Zeroing weak references for retain/release Objective-C

Primary LanguageObjective-COtherNOASSERTION

MAZeroingWeakRef - by Mike Ash - mike@mikeash.com

Introduction

MAZeroingWeakRef is a library for using zeroing weak references in retain/release Cocoa and Cocoa Touch code. These are references which do not keep an object alive, and which automatically become nil once the object is destroyed.

MAZeroingWeakRef does not work under Cocoa garbage collection. The built-in __weak specifier exists for that, although it is used somewhat differently.

The API is simple and mostly self-explanatory from the header file. Note that cleanup blocks are only needed for advanced uses when you need to take more action than simply zeroing the reference when the target object is destroyed. Be sure to heed the warning in the header about not doing too much work in the cleanup block.

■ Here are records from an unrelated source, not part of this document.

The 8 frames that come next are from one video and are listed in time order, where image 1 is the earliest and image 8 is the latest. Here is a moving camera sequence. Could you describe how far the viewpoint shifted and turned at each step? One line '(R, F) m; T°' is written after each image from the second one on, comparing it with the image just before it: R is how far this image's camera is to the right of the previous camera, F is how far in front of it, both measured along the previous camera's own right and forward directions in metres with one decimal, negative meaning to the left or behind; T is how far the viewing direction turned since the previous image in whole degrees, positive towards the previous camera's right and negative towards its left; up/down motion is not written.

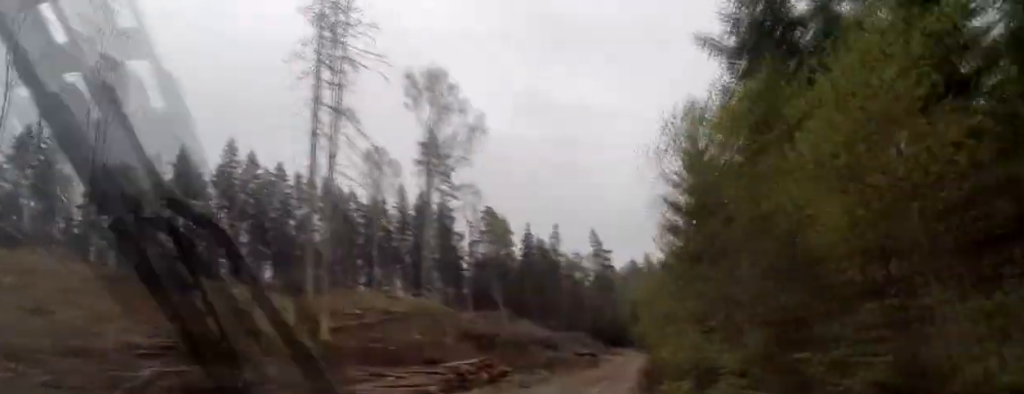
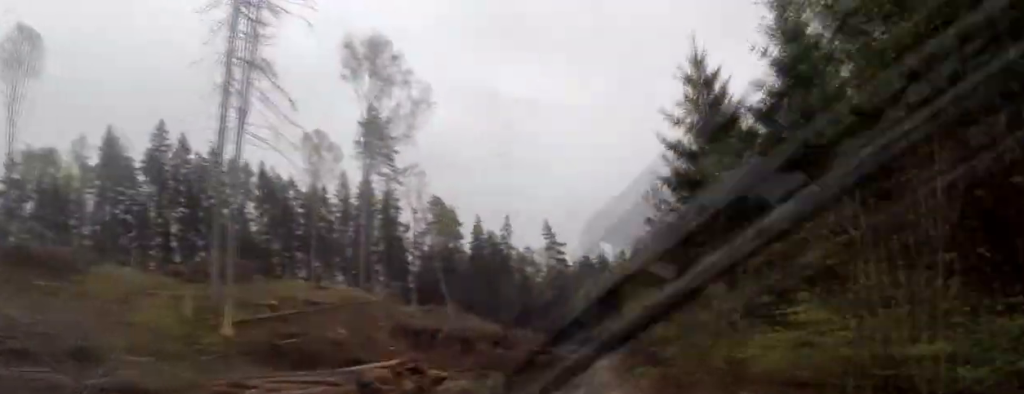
(-0.6, +7.1) m; +5°
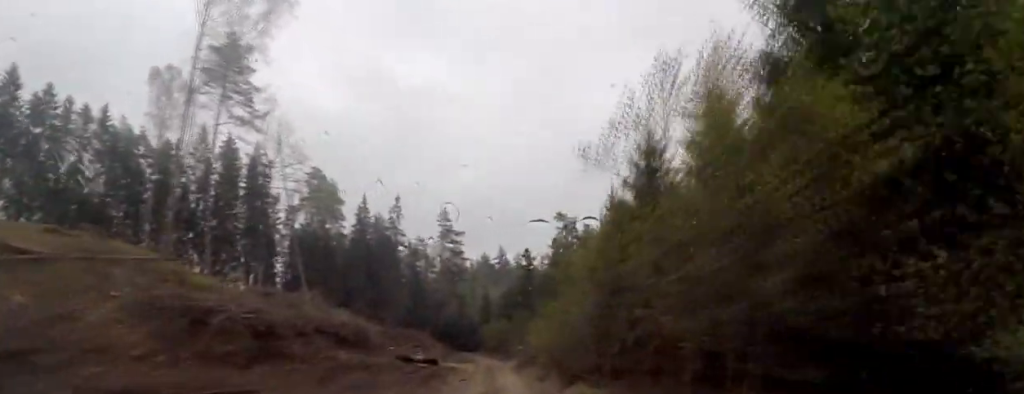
(+3.3, +17.6) m; +13°
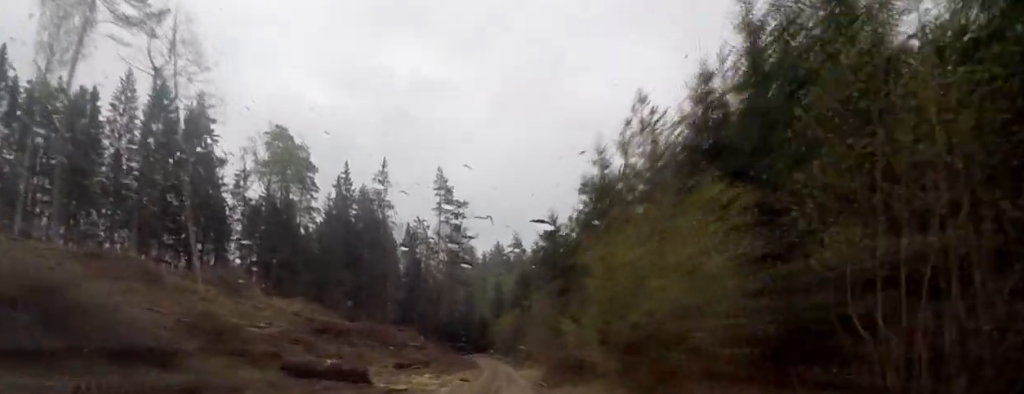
(0.0, +22.3) m; +3°
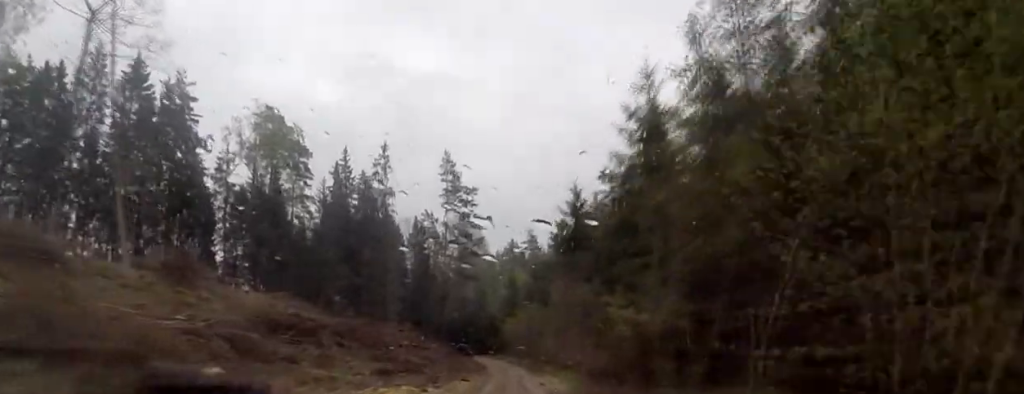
(-0.3, +8.2) m; +3°
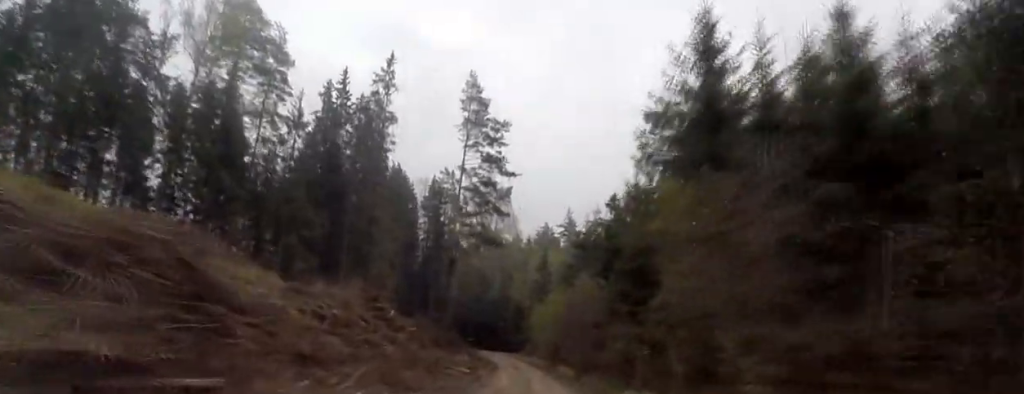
(+0.9, +21.0) m; 0°
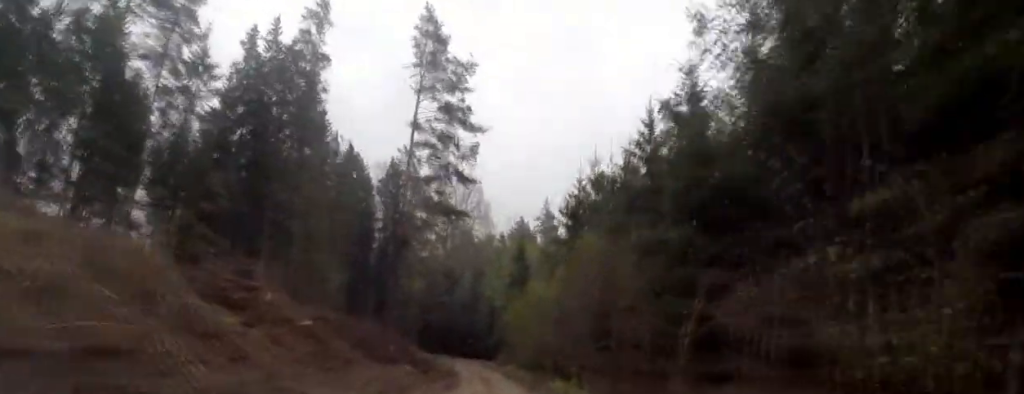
(-0.6, +13.3) m; 0°
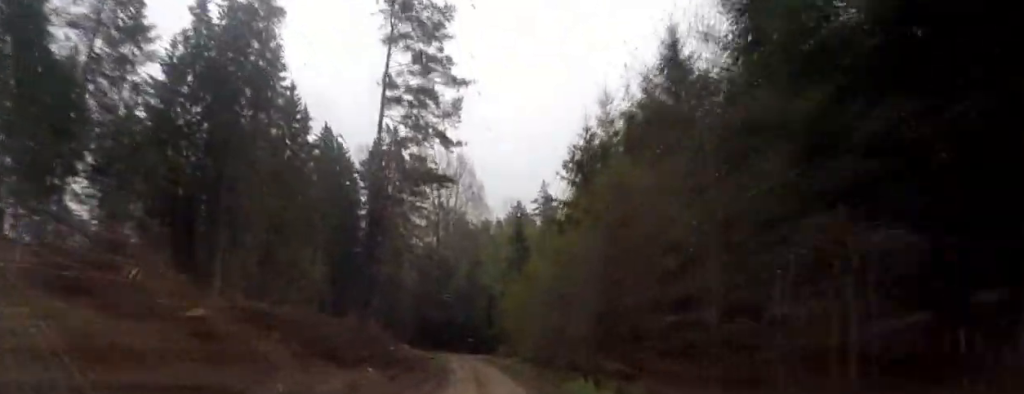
(+0.6, +6.9) m; 0°

In order to allow weak references to CoreFoundation bridged objects, a fair amount of crazy hacking of private APIs had to be done. For people who don't like that sort of thing, or who are worried about rejection when building for iOS, this crazy hacking can be reduced or disabled altogether. Look at the COREFOUNDATION_HACK_LEVEL macro in MAZeroingWeakRef.m, and the comment above it which explains what the different levels do.

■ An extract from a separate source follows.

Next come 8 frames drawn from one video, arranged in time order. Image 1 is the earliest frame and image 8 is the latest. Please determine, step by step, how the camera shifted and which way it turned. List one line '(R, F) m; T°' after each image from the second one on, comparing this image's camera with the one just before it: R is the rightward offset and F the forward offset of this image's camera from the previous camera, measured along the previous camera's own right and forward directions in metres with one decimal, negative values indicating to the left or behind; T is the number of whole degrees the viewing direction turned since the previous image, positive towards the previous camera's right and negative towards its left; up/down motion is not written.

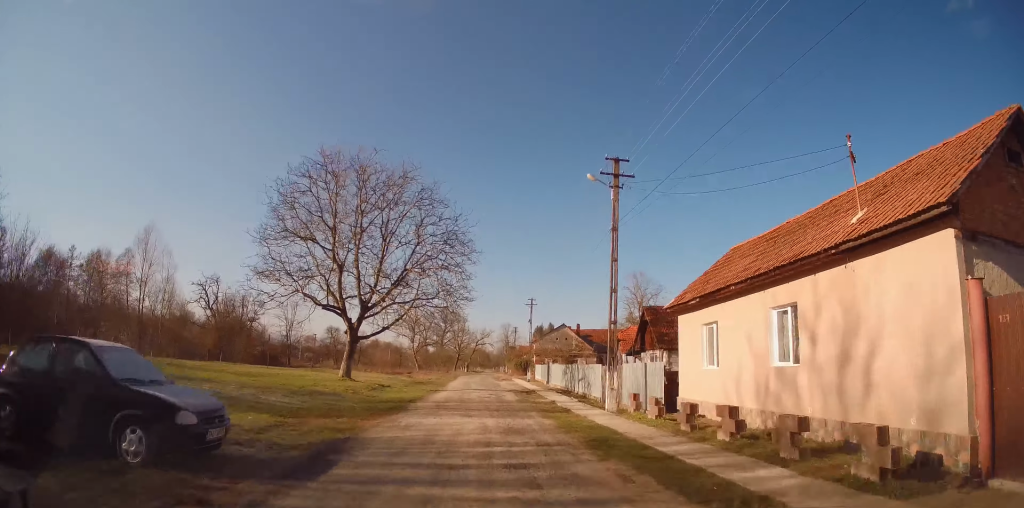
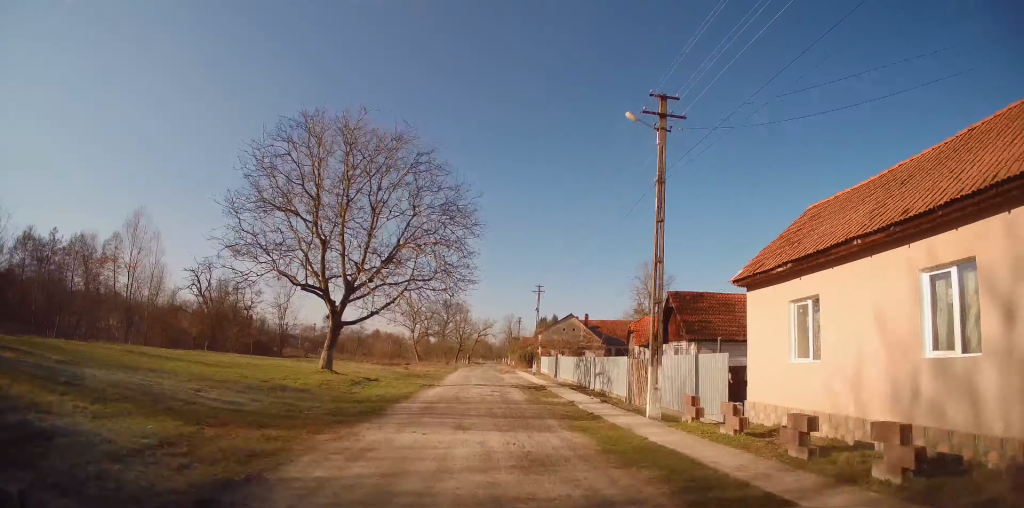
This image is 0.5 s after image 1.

A similar KVO_HACK_LEVEL macro is also available.

App Store

For iOS work, or Mac App Store work, you will probably want to set both COREFOUNDATION_HACK_LEVEL and KVO_HACK_LEVEL to 0. In this mode, MAZeroingWeakRef uses no private APIs.

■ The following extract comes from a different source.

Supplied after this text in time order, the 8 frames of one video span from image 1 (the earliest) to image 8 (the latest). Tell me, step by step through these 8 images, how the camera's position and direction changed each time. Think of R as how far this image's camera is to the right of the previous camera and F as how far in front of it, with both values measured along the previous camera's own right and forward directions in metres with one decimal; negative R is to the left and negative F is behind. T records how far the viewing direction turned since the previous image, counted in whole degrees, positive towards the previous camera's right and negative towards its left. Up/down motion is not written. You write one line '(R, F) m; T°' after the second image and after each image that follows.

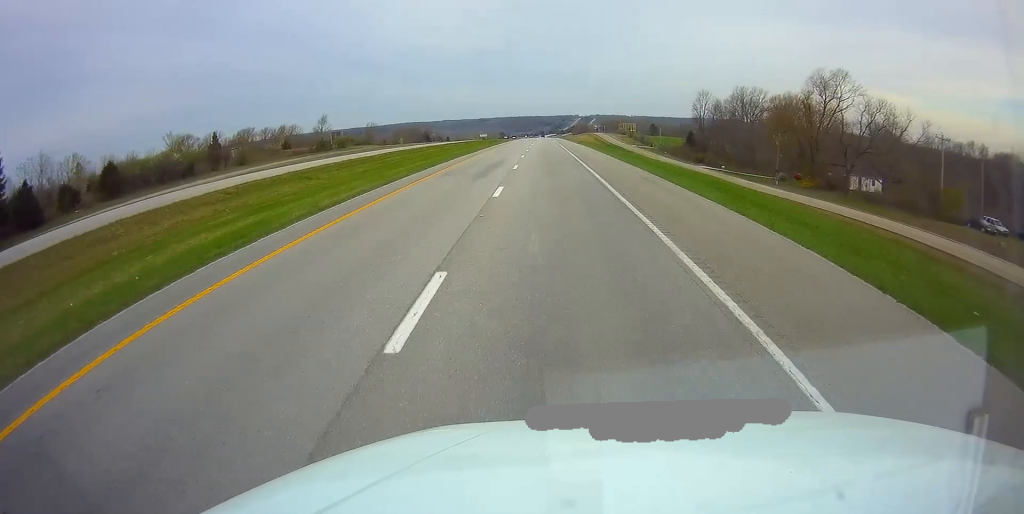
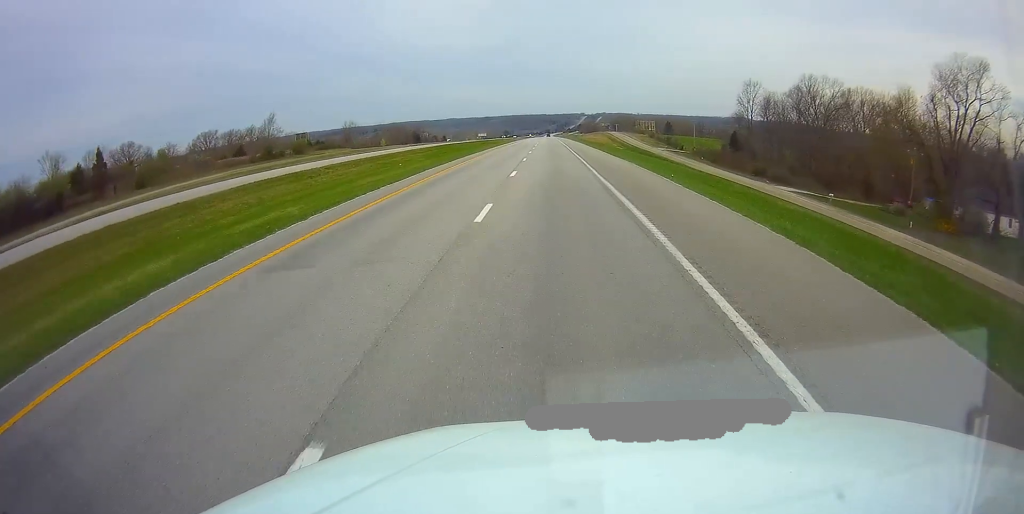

Also, if you need your app to run on iOS 3.x you need to disable blocks based code setting USE_BLOCKS_BASED_LOCKING to 0.

Source Code

The MAZeroingWeakRef code is available from GitHub:

http://github.com/mikeash/MAZeroingWeakRef

MAZeroingWeakRef is made available under a BSD license.

More Information

For more information about it, this blog post gives a basic introduction to the API:

http://mikeash.com/pyblog/introducing-mazeroingweakref.html

This describes how it works in most cases:

http://mikeash.com/pyblog/friday-qa-2010-07-16-zeroing-weak-references-in-objective-c.html

And this describes some of the more hairy parts:

http://mikeash.com/pyblog/friday-qa-2010-07-30-zeroing-weak-references-to-corefoundation-objects.html

Enjoy!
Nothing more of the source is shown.